» Task description
Pictures are to be left out. Return exactly the lines below from the one with "[diagram: same view" up to and including the one with "Length unit declared in the file: inch".

Stored data entries:
____________

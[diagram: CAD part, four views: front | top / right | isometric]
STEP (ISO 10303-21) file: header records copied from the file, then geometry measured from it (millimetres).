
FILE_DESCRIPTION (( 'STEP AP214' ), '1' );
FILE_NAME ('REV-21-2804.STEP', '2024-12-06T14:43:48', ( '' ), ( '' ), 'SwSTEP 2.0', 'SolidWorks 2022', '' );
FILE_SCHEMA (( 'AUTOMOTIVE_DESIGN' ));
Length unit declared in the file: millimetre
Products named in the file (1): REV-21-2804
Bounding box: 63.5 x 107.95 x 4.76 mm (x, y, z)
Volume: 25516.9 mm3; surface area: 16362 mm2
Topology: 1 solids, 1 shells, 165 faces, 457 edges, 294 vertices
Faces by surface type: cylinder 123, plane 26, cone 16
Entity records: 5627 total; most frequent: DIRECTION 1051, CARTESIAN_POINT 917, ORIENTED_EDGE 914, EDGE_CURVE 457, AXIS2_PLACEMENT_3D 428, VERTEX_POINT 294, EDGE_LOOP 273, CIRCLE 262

____________

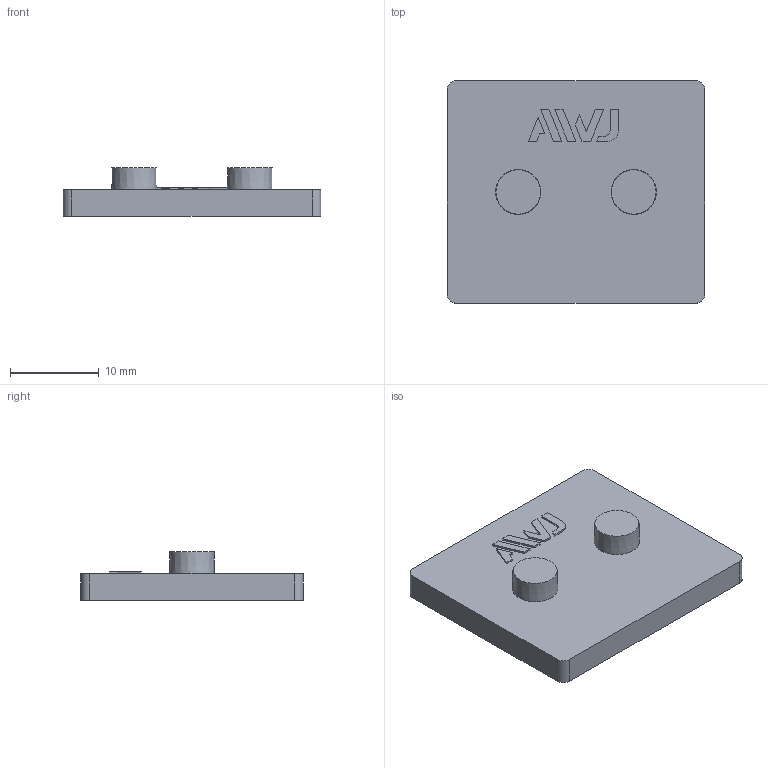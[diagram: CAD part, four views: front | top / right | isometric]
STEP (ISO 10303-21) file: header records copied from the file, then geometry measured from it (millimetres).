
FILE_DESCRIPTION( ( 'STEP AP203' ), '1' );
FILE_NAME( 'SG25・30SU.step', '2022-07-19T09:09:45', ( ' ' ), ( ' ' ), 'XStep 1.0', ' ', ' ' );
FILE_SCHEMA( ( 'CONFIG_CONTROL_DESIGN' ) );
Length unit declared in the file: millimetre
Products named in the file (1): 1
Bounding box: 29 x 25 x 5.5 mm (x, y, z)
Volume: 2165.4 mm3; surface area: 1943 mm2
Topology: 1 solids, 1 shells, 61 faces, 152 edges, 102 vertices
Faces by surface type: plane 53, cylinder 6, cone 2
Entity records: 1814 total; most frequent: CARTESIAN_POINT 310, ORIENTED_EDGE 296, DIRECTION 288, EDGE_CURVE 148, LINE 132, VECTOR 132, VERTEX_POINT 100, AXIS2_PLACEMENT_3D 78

____________

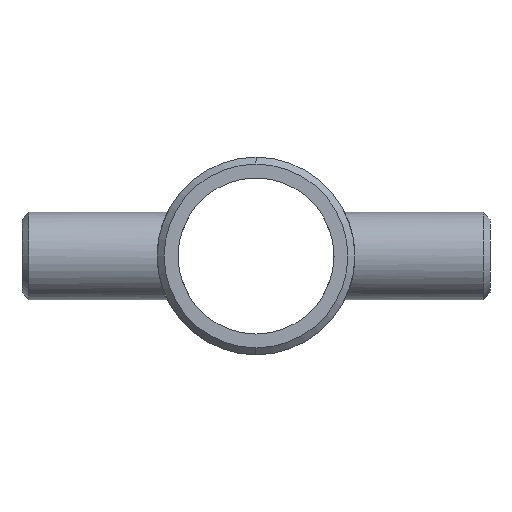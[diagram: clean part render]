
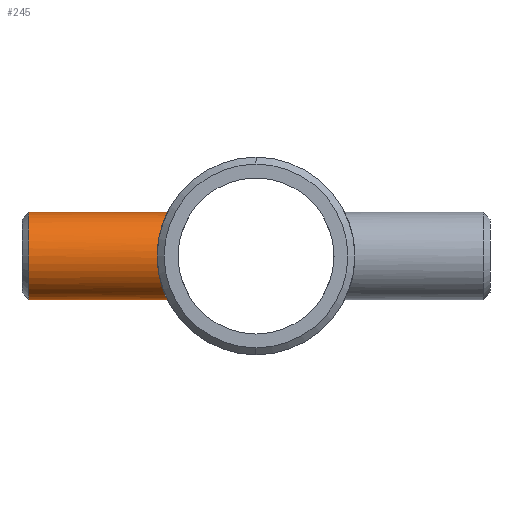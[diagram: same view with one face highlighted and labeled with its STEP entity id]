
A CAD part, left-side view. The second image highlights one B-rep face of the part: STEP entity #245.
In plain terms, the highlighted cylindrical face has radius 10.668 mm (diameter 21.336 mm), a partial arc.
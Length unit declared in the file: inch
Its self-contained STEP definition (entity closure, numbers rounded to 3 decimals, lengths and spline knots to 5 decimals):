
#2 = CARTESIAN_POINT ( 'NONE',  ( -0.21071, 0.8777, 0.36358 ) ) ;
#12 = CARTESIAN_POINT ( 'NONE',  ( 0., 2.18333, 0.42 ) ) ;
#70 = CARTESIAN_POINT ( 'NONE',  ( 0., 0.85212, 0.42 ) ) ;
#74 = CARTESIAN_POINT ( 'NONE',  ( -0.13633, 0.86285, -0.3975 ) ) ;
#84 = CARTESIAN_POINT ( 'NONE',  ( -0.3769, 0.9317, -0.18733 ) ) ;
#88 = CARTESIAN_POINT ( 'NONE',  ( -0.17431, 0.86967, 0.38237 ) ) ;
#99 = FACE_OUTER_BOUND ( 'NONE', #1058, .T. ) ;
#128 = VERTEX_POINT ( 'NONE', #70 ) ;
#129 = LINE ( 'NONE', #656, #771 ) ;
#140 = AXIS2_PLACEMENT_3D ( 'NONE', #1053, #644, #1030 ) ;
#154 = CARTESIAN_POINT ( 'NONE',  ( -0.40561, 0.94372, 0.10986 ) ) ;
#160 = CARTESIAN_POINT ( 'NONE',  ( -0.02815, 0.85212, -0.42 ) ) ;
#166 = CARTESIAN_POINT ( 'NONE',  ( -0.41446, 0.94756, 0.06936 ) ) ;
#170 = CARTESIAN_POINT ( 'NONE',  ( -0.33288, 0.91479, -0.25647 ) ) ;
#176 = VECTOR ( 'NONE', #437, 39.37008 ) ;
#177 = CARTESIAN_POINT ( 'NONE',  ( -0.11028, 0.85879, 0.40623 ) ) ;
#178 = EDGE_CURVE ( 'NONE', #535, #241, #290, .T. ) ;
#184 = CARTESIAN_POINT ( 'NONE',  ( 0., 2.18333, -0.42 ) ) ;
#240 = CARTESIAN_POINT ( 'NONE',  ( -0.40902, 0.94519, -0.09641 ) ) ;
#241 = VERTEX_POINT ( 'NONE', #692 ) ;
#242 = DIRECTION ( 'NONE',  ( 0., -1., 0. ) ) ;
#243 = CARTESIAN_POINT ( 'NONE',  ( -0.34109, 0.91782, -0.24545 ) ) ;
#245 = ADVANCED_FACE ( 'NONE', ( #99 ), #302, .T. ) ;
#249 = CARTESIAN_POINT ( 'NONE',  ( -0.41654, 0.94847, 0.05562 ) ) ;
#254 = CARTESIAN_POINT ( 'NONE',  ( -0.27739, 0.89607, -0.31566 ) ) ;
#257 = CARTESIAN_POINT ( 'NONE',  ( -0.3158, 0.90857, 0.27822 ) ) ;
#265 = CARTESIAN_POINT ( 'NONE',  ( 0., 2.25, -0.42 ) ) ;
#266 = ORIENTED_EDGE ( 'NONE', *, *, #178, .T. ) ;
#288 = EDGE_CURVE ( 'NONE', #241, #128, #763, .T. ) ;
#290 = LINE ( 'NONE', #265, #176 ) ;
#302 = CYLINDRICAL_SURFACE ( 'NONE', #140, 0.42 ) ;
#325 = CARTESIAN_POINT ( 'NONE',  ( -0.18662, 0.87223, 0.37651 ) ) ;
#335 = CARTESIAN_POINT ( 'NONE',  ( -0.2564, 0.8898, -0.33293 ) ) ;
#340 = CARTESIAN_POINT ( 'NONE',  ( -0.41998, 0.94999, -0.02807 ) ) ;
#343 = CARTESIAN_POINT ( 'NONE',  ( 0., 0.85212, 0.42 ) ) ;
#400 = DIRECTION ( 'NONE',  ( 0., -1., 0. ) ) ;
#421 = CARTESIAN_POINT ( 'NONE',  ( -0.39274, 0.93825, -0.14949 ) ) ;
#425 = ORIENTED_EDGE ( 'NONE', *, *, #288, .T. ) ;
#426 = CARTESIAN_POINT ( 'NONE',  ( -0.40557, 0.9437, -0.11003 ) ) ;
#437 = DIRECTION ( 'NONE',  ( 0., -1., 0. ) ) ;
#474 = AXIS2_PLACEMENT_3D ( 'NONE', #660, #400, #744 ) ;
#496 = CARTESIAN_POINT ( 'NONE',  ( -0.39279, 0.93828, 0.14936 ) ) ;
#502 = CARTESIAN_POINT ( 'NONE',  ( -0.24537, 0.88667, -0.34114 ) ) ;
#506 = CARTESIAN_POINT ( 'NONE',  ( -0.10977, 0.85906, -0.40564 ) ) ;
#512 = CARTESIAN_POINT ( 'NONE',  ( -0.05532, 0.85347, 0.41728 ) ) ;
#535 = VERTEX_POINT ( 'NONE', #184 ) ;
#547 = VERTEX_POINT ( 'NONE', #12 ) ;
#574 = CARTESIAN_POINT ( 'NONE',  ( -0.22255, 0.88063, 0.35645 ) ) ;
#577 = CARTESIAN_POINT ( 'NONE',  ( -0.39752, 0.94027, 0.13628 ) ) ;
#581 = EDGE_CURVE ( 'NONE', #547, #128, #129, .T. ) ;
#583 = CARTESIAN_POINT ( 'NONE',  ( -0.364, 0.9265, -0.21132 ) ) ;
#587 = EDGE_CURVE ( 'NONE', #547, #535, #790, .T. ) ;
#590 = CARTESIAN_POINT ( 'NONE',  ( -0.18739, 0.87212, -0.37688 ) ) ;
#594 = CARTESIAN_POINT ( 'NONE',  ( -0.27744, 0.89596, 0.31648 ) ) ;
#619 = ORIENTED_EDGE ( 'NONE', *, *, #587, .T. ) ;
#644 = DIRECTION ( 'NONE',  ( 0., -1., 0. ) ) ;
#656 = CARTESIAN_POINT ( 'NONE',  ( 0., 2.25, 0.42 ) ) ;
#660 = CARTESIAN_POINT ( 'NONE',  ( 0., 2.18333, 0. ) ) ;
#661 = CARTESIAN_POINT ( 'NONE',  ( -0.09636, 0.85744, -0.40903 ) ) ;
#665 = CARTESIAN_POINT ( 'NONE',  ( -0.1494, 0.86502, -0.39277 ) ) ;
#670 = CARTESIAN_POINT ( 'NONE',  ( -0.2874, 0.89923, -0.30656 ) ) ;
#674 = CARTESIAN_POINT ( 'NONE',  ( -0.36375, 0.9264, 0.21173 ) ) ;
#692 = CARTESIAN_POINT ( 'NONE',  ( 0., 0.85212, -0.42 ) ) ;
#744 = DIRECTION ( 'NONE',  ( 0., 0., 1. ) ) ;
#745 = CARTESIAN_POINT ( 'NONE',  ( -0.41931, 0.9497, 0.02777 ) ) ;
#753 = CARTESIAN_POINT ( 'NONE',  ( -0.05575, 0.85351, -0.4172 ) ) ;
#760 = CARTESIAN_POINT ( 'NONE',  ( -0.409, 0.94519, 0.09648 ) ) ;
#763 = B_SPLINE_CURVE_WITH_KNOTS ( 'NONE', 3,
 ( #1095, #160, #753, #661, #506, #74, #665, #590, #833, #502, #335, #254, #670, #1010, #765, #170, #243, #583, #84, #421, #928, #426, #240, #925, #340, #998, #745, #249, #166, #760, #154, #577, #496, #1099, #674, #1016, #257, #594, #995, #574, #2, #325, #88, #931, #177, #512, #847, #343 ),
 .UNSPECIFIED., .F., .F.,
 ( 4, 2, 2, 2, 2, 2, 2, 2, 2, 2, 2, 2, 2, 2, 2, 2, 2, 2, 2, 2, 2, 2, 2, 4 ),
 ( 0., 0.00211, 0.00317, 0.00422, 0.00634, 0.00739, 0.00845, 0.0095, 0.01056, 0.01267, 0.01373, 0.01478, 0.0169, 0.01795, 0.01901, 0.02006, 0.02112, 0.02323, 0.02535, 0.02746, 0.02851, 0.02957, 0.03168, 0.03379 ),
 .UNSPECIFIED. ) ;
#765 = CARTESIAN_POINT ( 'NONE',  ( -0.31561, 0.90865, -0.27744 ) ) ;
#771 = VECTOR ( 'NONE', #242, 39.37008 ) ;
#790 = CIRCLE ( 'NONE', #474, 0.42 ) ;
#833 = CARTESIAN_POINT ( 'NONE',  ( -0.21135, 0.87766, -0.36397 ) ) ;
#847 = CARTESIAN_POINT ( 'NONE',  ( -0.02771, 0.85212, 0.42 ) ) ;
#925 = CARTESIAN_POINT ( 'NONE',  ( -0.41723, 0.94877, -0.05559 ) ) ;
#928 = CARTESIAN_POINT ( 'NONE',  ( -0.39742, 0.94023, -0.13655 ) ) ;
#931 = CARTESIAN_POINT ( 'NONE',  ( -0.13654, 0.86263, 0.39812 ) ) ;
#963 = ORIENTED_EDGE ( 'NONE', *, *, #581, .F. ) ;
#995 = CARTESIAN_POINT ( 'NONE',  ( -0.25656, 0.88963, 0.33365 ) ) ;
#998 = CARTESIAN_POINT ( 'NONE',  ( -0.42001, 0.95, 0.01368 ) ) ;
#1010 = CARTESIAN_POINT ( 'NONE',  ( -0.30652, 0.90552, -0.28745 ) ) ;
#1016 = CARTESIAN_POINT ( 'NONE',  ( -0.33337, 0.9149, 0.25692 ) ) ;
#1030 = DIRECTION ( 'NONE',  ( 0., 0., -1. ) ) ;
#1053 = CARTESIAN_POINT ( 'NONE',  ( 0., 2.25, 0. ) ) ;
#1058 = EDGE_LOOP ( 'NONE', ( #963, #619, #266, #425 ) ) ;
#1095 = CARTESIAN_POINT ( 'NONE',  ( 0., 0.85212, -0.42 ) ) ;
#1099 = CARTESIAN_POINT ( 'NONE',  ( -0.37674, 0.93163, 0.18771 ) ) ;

____________

» Response to the task
[diagram: same view with one face highlighted and labeled with its STEP entity id]
A CAD part, left-side view. The second image highlights one B-rep face of the part: STEP entity #245.
In plain terms, the highlighted cylindrical face has radius 10.668 mm (diameter 21.336 mm), a partial arc.
Length unit declared in the file: inch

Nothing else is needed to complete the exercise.